▶ _Exercise brief_:
Which lines of the records contain the word "slab"? Copy each one.

Stored items:

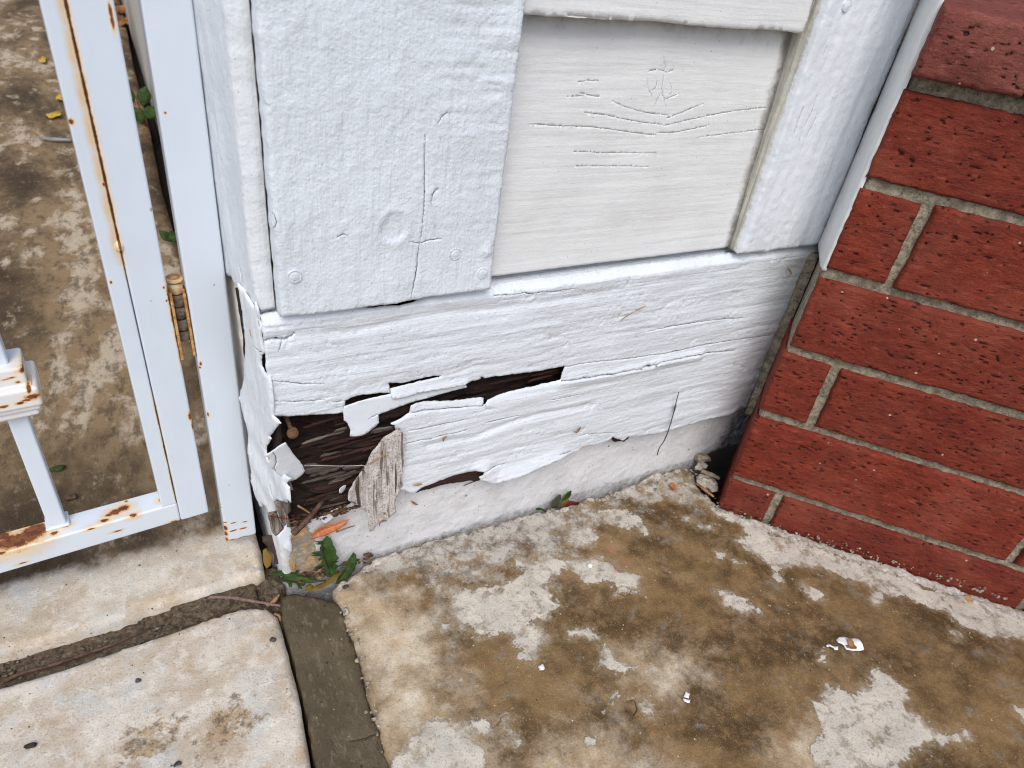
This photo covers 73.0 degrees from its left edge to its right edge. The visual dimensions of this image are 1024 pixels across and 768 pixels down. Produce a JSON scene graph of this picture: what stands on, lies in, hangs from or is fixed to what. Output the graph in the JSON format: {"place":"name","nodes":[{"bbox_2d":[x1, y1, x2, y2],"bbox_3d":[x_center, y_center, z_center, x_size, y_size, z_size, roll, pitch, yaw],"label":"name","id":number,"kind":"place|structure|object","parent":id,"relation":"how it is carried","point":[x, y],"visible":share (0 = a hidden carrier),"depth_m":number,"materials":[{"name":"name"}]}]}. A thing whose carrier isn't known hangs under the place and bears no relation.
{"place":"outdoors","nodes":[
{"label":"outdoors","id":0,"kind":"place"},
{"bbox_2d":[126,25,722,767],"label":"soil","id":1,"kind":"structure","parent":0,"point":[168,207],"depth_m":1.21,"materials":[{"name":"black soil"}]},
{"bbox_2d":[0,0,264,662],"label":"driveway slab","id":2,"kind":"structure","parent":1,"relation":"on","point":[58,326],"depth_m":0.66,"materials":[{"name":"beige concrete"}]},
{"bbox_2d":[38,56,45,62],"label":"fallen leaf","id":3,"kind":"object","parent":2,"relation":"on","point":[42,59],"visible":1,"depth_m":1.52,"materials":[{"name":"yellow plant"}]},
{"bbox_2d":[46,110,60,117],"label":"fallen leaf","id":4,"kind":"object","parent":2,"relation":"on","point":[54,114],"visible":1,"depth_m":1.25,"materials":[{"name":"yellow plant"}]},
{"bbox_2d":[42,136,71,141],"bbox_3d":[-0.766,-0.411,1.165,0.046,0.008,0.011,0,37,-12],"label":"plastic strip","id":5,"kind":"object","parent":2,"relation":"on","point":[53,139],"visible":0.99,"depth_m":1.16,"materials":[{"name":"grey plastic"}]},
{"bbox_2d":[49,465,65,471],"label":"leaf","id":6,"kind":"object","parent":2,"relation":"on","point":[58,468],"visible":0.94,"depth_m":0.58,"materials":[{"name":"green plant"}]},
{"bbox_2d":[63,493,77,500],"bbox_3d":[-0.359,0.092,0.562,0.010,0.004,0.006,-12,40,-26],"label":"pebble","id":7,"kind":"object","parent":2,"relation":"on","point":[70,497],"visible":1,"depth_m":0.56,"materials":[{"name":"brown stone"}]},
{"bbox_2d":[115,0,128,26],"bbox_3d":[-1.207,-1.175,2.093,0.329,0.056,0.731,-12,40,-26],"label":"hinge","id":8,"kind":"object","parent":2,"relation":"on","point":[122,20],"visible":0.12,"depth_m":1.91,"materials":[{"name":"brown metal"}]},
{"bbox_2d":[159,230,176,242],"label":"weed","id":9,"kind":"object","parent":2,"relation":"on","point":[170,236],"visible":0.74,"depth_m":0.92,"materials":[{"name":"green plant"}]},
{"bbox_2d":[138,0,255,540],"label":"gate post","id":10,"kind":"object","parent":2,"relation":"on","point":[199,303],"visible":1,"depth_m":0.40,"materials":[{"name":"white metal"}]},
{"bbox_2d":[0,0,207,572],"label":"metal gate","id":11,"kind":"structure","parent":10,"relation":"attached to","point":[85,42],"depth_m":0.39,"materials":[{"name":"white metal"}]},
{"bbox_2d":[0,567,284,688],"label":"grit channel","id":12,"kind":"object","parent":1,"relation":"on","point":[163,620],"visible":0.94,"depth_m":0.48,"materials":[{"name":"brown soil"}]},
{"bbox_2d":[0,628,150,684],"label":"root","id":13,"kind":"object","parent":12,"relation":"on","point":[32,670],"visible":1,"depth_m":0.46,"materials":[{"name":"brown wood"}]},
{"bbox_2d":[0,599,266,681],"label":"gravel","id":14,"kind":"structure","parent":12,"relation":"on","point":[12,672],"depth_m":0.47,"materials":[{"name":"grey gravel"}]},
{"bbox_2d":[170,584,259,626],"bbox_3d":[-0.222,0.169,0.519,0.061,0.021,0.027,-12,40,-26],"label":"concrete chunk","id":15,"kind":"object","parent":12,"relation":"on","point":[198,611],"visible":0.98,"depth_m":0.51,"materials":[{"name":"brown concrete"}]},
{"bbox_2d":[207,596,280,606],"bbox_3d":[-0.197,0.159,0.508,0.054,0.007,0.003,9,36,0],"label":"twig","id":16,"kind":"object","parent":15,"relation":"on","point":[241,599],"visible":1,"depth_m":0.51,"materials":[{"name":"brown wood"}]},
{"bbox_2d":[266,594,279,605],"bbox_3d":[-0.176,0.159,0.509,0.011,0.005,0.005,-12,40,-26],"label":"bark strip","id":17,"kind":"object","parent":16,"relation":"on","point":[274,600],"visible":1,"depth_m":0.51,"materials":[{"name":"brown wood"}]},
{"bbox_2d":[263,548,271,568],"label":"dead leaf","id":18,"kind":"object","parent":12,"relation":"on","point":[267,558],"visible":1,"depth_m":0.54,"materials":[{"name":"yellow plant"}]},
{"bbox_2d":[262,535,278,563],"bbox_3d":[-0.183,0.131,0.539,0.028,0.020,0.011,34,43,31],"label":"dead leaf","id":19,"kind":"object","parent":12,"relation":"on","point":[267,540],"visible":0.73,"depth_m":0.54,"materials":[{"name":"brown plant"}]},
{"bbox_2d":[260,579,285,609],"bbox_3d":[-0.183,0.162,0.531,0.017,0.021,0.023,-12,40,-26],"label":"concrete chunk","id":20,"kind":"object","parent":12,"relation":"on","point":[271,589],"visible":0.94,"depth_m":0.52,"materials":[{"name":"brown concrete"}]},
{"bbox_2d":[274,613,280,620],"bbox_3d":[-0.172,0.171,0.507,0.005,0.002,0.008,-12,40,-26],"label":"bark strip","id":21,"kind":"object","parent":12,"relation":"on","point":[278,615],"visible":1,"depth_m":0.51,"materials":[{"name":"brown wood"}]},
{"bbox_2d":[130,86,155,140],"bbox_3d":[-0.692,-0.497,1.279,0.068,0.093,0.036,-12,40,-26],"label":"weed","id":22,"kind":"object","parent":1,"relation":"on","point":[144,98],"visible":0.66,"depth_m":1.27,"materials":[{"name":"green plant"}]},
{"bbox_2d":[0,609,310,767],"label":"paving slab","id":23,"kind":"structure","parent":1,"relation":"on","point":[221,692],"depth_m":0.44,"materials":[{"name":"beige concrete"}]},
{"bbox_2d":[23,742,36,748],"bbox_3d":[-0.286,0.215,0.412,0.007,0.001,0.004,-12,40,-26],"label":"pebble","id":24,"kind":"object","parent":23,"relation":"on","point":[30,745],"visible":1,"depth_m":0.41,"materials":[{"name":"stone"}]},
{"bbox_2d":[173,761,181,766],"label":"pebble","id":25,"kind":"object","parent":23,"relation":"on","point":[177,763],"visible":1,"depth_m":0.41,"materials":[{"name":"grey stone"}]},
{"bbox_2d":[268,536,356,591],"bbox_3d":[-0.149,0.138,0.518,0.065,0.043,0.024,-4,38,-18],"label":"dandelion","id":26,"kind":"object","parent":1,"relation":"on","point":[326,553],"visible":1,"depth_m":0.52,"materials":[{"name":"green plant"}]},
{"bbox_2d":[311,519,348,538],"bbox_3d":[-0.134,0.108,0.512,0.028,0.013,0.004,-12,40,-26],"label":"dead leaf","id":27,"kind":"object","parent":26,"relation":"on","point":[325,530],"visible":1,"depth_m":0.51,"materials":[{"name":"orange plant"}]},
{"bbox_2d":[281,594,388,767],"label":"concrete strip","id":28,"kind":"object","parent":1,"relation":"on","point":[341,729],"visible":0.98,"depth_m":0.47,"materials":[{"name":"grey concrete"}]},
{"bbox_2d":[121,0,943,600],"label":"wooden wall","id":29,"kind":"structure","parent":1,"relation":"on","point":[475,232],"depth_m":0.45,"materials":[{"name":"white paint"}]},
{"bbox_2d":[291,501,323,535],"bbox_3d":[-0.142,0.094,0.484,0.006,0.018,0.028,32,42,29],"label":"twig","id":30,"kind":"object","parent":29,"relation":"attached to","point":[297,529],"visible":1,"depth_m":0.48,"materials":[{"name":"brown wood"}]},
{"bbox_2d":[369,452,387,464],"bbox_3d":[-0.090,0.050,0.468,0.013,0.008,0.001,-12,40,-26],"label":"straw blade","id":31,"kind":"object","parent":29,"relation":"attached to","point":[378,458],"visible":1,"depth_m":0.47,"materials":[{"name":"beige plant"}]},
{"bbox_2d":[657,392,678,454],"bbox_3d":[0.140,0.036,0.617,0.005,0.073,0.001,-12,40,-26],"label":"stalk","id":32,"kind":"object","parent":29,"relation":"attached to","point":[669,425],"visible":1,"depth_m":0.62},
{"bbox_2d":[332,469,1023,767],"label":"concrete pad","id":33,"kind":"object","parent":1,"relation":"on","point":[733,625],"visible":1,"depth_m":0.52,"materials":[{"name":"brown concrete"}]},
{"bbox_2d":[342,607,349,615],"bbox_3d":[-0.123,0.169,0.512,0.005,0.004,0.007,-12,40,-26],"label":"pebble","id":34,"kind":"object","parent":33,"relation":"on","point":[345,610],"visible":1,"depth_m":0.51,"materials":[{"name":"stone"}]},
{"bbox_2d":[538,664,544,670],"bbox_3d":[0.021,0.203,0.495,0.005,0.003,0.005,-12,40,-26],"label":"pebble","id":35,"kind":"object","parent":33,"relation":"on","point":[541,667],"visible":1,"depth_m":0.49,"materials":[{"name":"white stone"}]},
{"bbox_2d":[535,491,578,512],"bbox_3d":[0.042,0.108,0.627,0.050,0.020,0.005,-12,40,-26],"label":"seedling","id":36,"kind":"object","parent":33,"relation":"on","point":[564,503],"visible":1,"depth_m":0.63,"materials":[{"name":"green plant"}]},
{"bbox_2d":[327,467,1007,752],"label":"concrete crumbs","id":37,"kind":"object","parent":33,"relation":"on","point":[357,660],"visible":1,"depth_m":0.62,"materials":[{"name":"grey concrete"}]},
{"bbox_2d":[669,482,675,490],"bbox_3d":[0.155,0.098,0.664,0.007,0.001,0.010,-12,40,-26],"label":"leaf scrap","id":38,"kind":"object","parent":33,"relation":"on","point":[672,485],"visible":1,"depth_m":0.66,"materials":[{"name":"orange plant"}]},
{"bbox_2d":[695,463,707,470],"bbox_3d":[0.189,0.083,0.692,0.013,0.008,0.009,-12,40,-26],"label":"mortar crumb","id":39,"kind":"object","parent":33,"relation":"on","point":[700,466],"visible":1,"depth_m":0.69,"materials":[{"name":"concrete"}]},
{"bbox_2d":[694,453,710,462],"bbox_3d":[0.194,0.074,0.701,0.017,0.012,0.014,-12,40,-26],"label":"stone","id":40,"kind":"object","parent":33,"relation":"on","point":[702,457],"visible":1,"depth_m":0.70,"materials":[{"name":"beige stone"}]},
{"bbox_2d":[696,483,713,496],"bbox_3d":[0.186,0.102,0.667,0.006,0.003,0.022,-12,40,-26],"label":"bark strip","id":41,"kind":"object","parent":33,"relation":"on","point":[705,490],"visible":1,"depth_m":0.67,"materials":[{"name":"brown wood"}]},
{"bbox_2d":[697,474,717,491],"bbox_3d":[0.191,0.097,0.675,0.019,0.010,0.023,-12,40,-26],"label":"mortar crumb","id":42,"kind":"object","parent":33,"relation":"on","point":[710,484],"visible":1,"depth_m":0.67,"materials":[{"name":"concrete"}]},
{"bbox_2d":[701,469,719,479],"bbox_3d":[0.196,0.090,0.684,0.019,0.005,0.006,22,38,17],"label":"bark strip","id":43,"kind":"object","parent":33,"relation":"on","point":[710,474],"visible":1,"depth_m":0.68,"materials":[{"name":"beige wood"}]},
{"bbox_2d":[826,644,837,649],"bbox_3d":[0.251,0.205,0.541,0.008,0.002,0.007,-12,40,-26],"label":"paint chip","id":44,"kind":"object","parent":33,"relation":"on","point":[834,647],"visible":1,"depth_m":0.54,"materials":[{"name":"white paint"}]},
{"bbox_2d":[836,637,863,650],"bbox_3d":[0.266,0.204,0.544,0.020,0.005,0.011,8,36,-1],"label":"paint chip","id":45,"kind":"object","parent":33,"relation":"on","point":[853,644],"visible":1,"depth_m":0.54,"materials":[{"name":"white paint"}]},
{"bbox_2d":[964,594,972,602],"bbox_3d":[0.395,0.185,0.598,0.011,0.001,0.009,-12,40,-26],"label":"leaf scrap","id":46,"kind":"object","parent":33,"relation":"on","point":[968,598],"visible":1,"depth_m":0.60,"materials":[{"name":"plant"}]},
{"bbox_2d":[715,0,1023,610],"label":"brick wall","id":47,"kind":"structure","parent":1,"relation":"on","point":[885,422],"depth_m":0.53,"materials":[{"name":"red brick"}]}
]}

▶ _Answer space_:
{"bbox_2d":[0,0,264,662],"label":"driveway slab","id":2,"kind":"structure","parent":1,"relation":"on","point":[58,326],"depth_m":0.66,"materials":[{"name":"beige concrete"}]},
{"bbox_2d":[0,609,310,767],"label":"paving slab","id":23,"kind":"structure","parent":1,"relation":"on","point":[221,692],"depth_m":0.44,"materials":[{"name":"beige concrete"}]},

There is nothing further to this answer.